As you can see in the instructions, the sump is embedded in the concrete and only about 1/2" is out of the gunite so that the plaster can finish level with the top of the fixture.
 

JamesW

TFP Expert
Mar 2, 2011
24,208
Another problem is that the pipe is in the gunite, which creates a control joint type weak line in the gunite.
For example, if the gunite is 8" thick, it should be 4" on both sides of the rebar.

A 2.5" pvc pipe has an outside diameter of 2.875".

Behind the rebar, you have 2.875" of pipe, which means that the thickness of the concrete behind the pipe is only 1.125".

It's even less if you take the thickness of the rebar into consideration.

Also, the pipe will block most concrete from getting behind the pipe.

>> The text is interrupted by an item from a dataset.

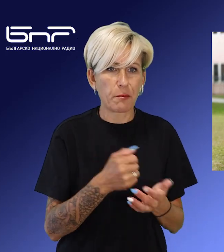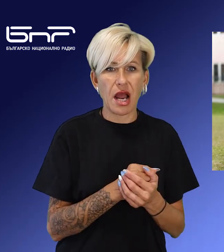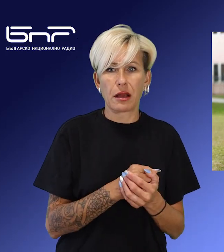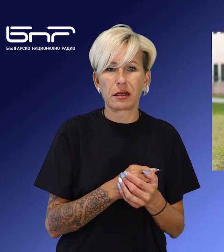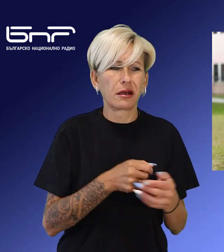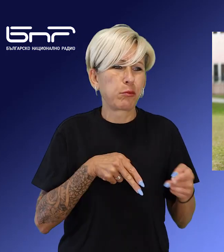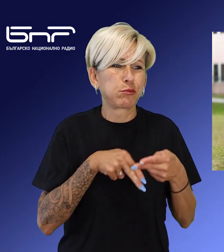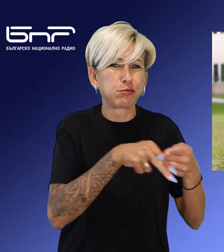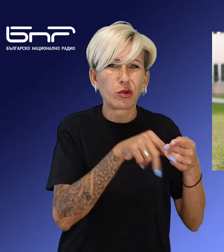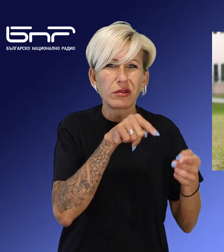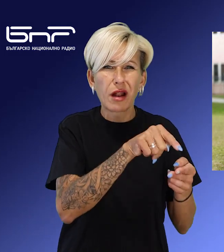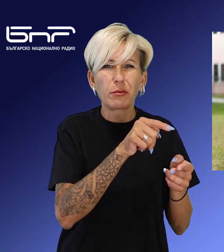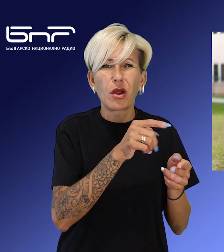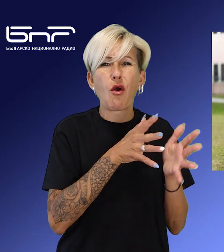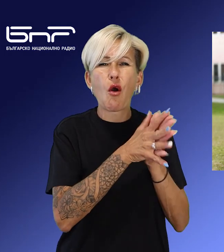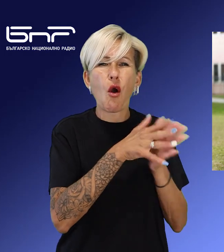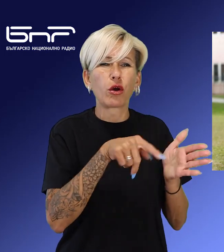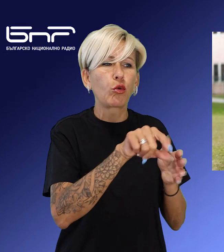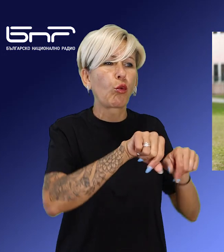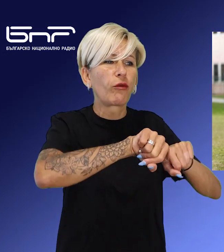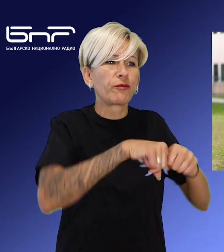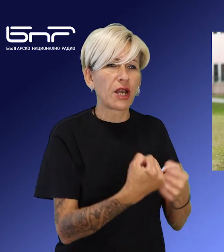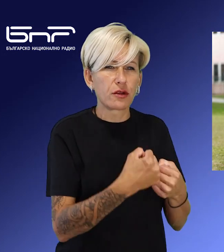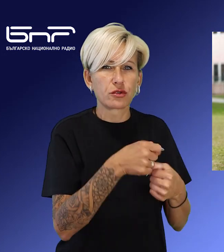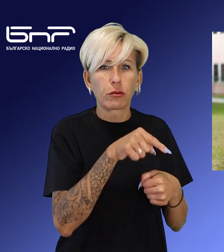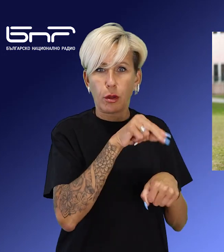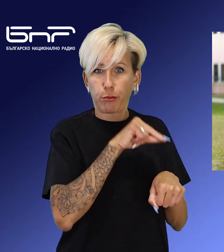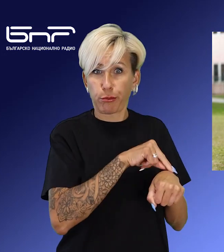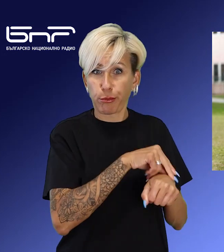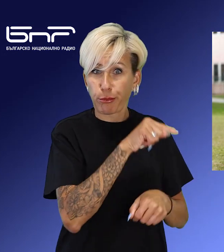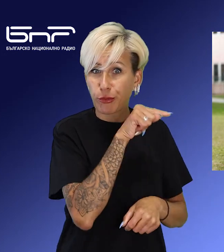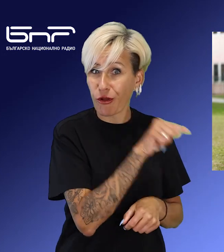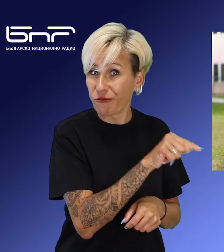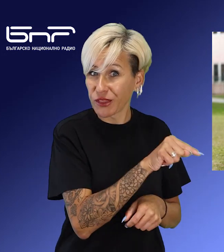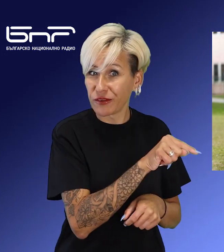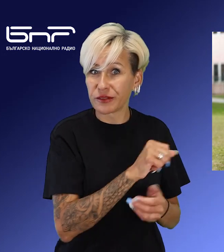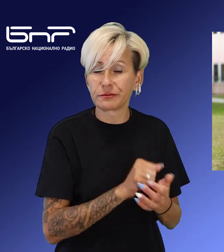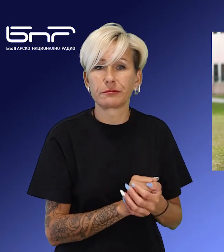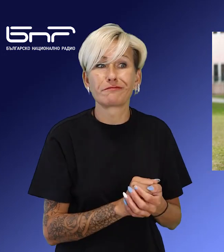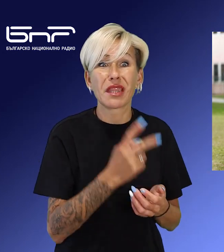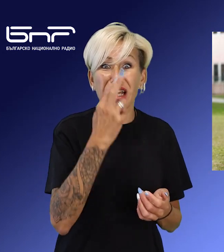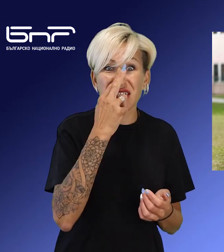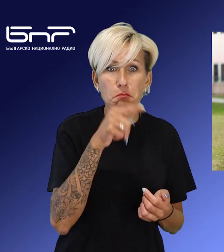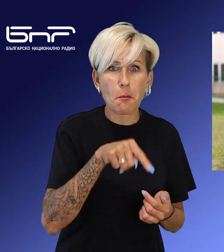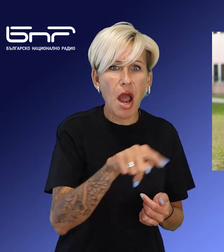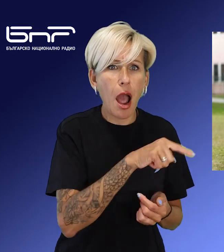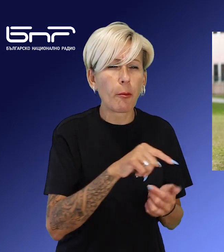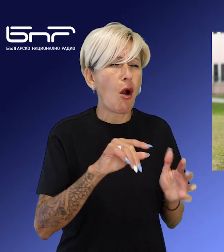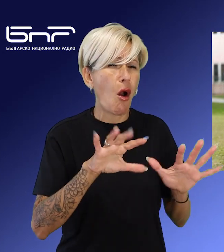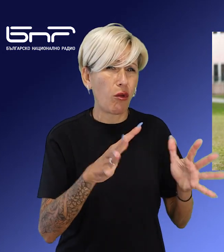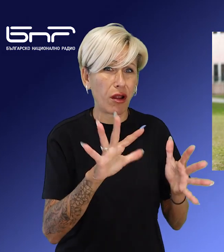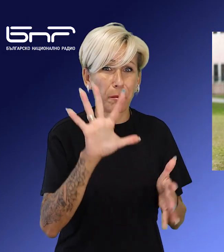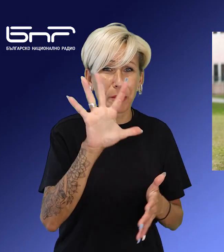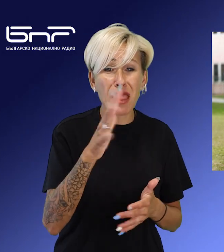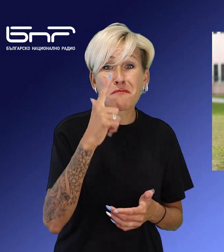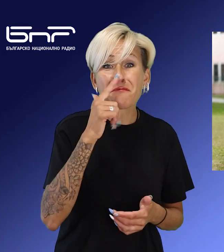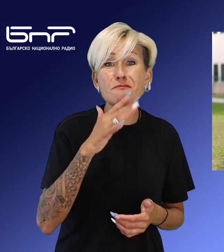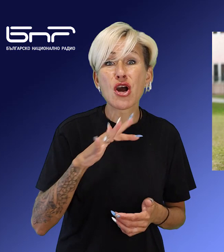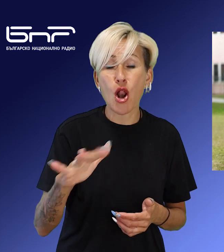с увреждания, е разбита от Пловдивската полиция и прокуратурата. Измамите са на стойност над 5 милиона лева. Подробности

This is called "shadowing".

So, there's a line through the concrete that's really only 4" thick, which is likely to crack if there is any stress at all.
 

GrandLSU

Member
May 14, 2020
22
Baton Rouge, LA
For example, if the gunite is 8" thick, it should be 4" on both sides of the rebar.

A 2.5" pvc pipe has an outside diameter of 2.875".

Behind the rebar, you have 2.875" of pipe, which means that the thickness of the concrete behind the pipe is only 1.125".

It's even less if you take the thickness of the rebar into consideration.

Also, the pipe will block most concrete from getting behind the pipe.

This is called "shadowing".

So, there's a line through the concrete that's really only 4" thick, which is likely to crack if there is any stress at all.

I think (hope) it may not be as bad as it looks in the picture that you are looking at. See the two below pictures. It appears they dug a channel through the dirt for the pipe to go in. It appears the pipe is recessed into that channel, meaning in theory the vertical portion of the the pipe doesn't eat into the 8" thick gunite shell at all.